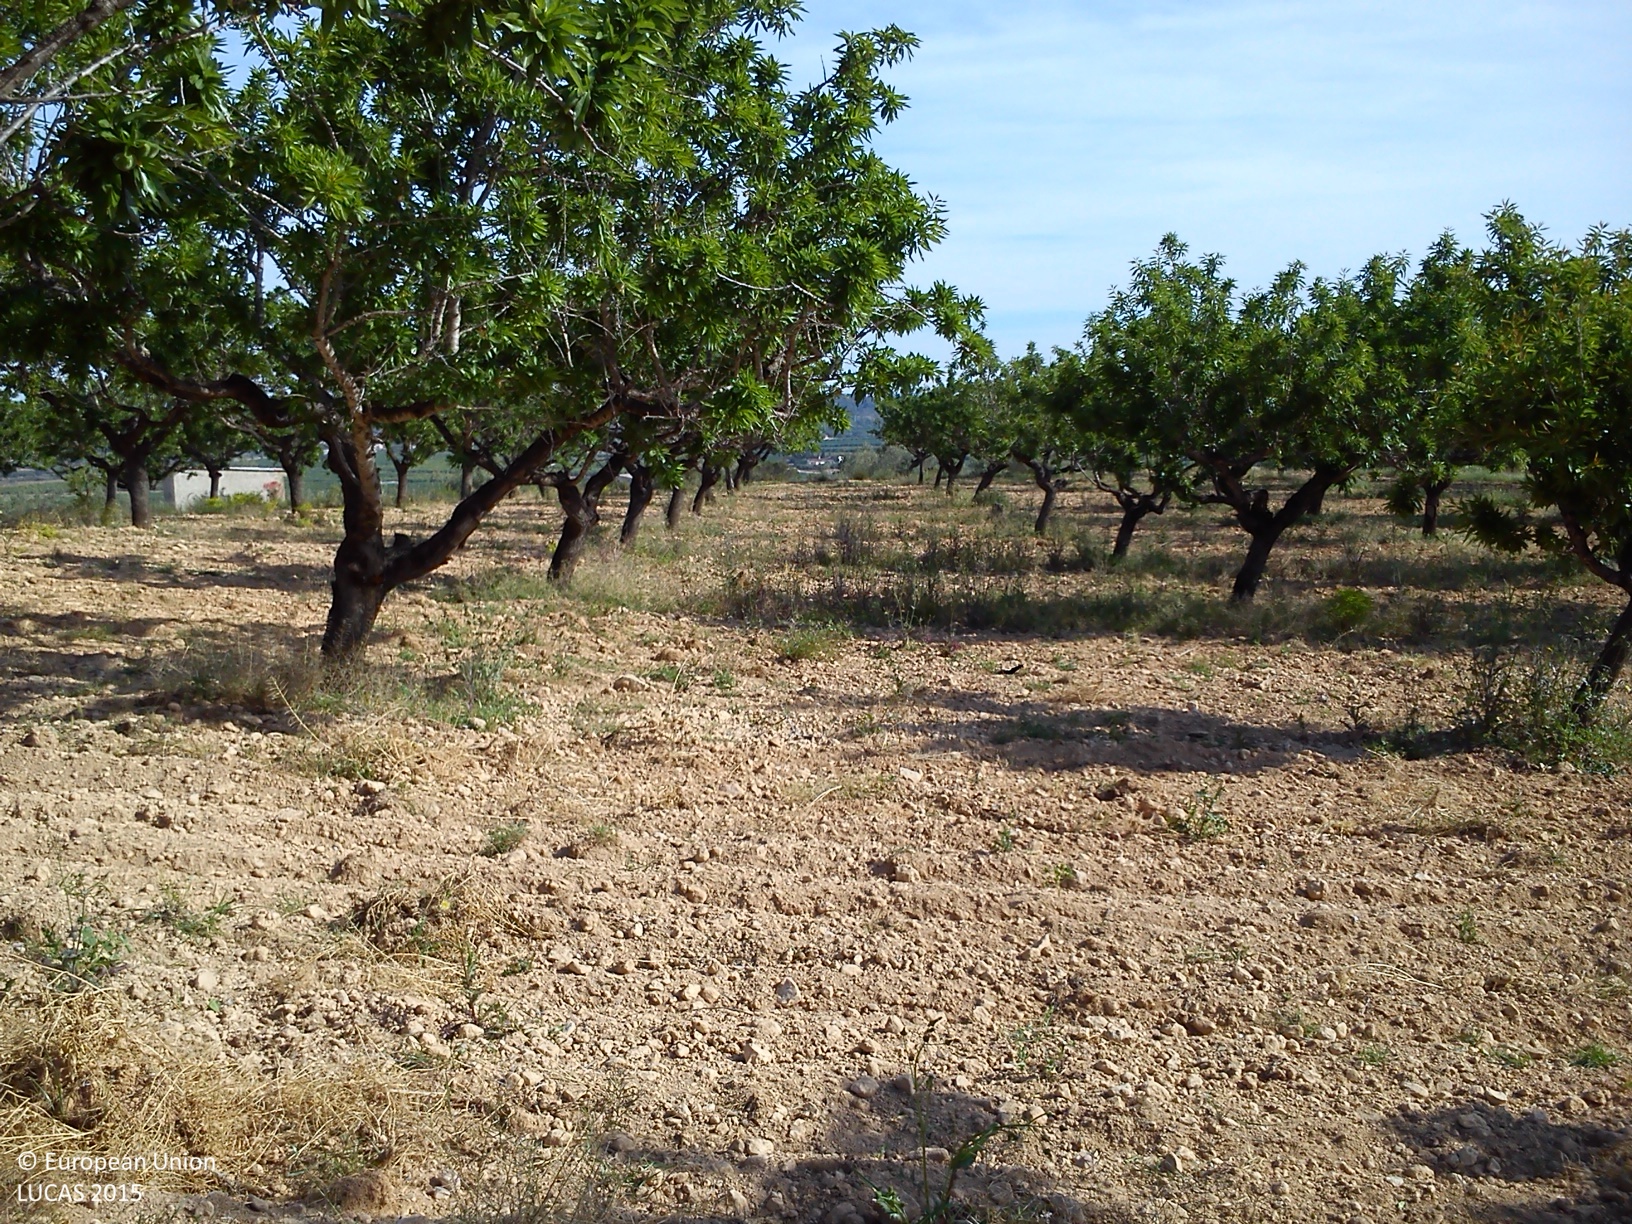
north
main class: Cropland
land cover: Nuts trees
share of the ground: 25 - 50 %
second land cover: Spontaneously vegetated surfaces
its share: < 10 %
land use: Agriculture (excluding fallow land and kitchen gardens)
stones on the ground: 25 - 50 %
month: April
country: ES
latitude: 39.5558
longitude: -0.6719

# # #

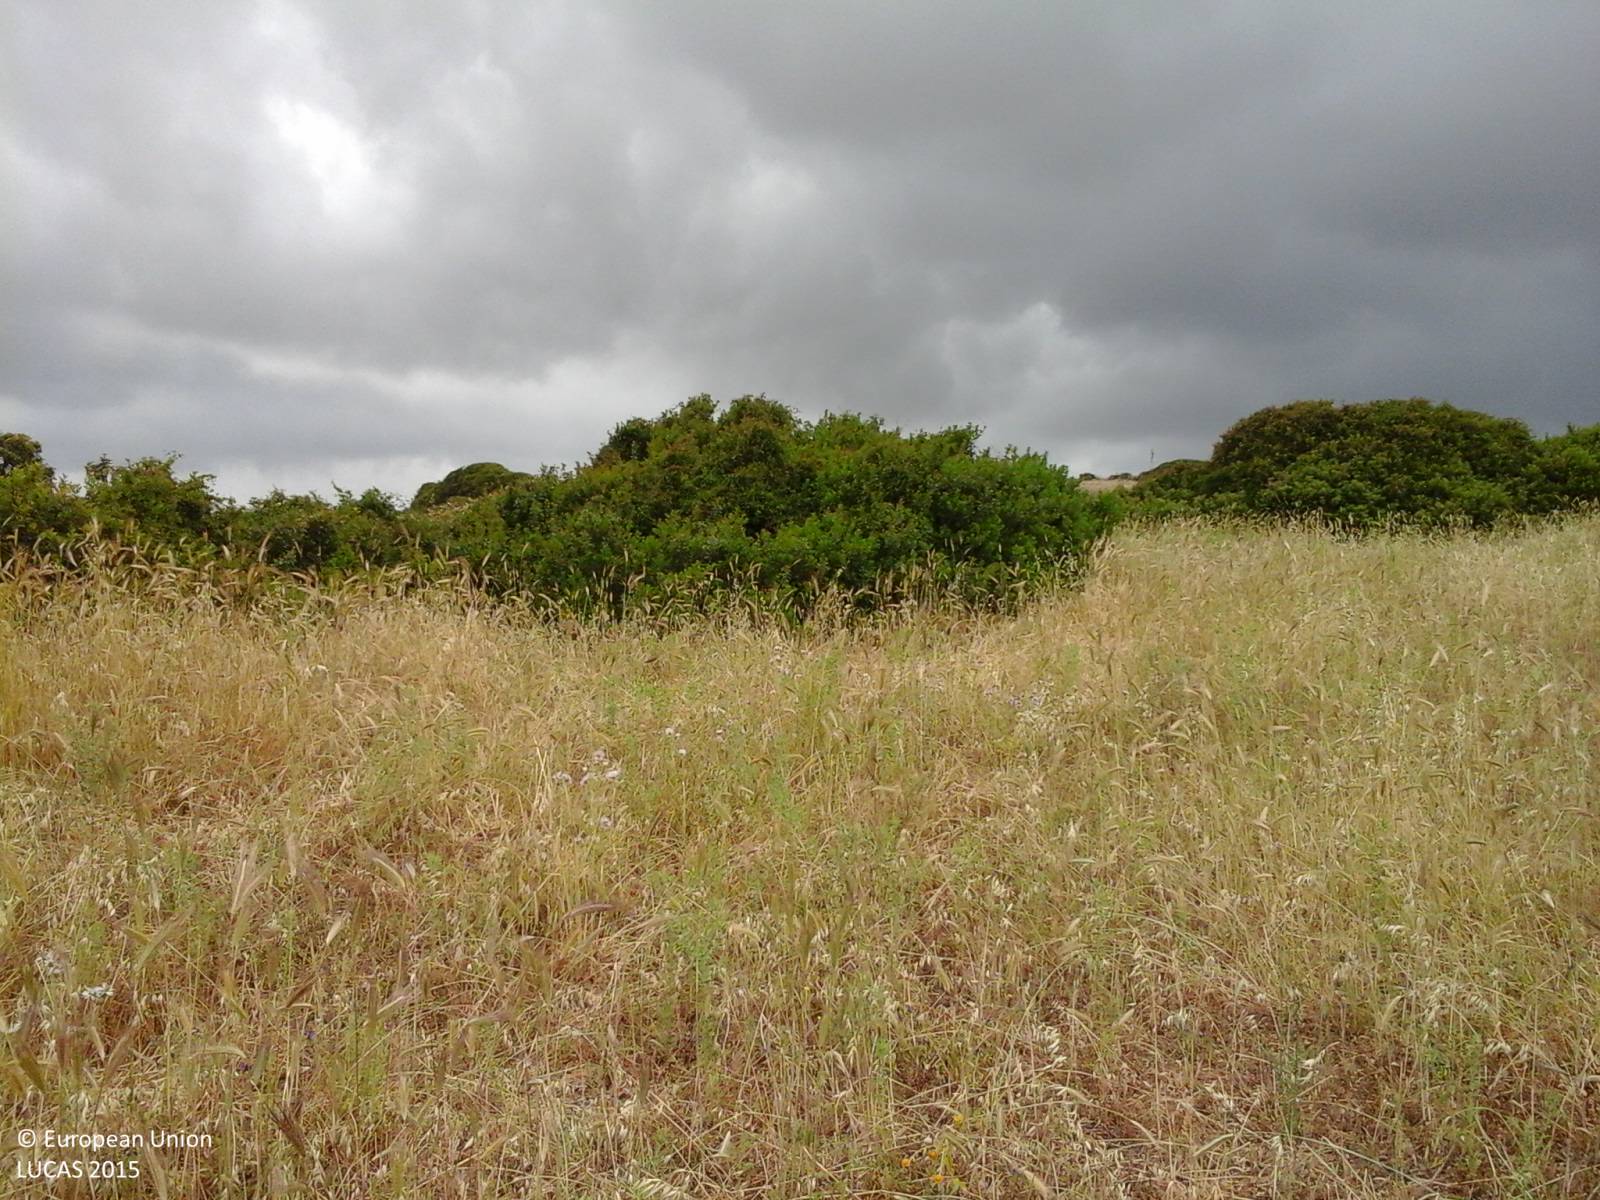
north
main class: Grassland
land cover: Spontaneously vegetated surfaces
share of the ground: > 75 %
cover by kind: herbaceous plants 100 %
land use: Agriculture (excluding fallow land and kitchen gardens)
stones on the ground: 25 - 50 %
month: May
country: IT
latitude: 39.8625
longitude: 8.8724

# # #

**Action item:** Output exactly one stretch of the listing: from the line containing "main class: Grassland" through the line containing "longitude: 8.8724", both end lines included.

**Answer to this task:**
main class: Grassland
land cover: Spontaneously vegetated surfaces
share of the ground: > 75 %
cover by kind: herbaceous plants 100 %
land use: Agriculture (excluding fallow land and kitchen gardens)
stones on the ground: 25 - 50 %
month: May
country: IT
latitude: 39.8625
longitude: 8.8724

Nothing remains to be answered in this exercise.